Although there are hundreds of versions of this sweet Texas treasure, Dickinson Bar-B-Que makes it the old-school way.
“The crust is handmade, the pecans are toasted and chopped by hand, so you get more pecans into the pie filling,” owner Keith Lilley said.
– Sue Mayfield Geiger
CRUST
INGREDIENTS
2 level cups flour
¾ level cup Crisco shortening
1 egg
½ teaspoon salt
½ teaspoon white vinegar
4 tablespoons cool, tepid, water
DIRECTIONS
Cut Crisco into flour to ¼-inch pieces. Add egg, salt, vinegar and water. Cut all ingredients until a smooth consistency. Dough should be pliable, not sticky or dry. Transfer dough into deep-dish sprayed pie pan. Press in dough to a uniform thickness, flute and trim. Set aside for filling.
FILLING
INGREDIENTS
12⁄3 cups Karo blue label dark syrup
12⁄3 cups sugar
5 tablespoons of margarine
5 eggs
½ teaspoons vanilla
3 tablespoons of flour
12⁄3 cups chopped toasted pecans
Tip: Toast pecans first for 5 minutes at 350 F, then cool.
DIRECTIONS
Cut sugar into margarine to form ¼-inch pieces. Fold sugar mixture into syrup and the rest of ingredients except pecans, and blend on medium speed in mixer until uniformly distributed. Next, fold in chopped pecans.

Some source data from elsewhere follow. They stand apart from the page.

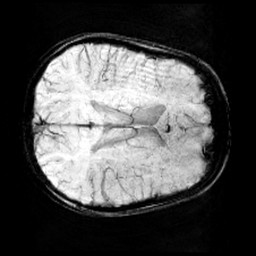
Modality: minIP
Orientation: axial
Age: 10
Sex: female
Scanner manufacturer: siemens
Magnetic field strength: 3 T
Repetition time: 0.027 s
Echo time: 0.02 s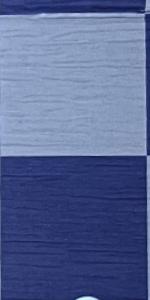
Label: Empty

Pour mixture into pie pan and bake at 350 F for 60 to 70 minutes. Cool for 2 hours before serving.
MAMA FRANCES’ BANANA PUDDING
Mama Frances Soul Kitchen, 199 Vauthier Road, La Marque

Photo by Jennifer Reynolds
Shirley Crowder, who, along with her husband, Chris, owns Mama Frances Soul Kitchen in La Marque, has been making banana pudding from scratch for more than 20 years. Before opening the restaurant, she would make the popular Southern dessert for fundraising events. At one such event, someone made a $100 donation for just one scoop of her banana pudding, she said.

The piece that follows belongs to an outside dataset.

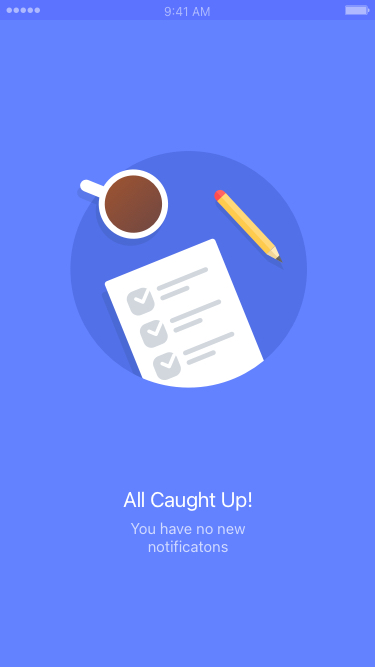
Text in this UI design:
You have no new notificatons
All Caught Up!
9:41 AM

Patience is a virtue when making the dessert, she said.
“There’s no speeding through,” she said. “You don’t want to scorch the bottom.”
Crowder also recommends using a whisk instead of a spoon to stir the sauce as it cooks. And be gentle, she said.
“Don’t beat it up,” she said.
Although she has customers who come in for the banana pudding when it’s still warm, Crowder prefers hers cold with real whipped cream on top, she said.
– Jennifer Reynolds
INGREDIENTS
1 stick of butter
6 eggs separated (You can save the egg whites for another recipe or meringue.)
2 cups evaporated milk
½ teaspoon real vanilla extract
1 teaspoon flour, for thickening
8-10 bananas, sliced
3 small boxes of Nilla Wafers, or 1 big double box
DIRECTIONS
Place the first 5 ingredients in a heavy pot before heating it on the stove. Heat on medium, stirring constantly with a whisk until it starts to bubble.
Spread a layer of pudding, or “sauce,” on the bottom of a pan or trifle bowl, add a layer of cookies, then a layer of banana slices and top with a layer of pudding/sauce. Repeat the layers of cookies, bananas and pudding/sauce.
Can be served warm, but best when chilled overnight. Cover top with real whipped cream.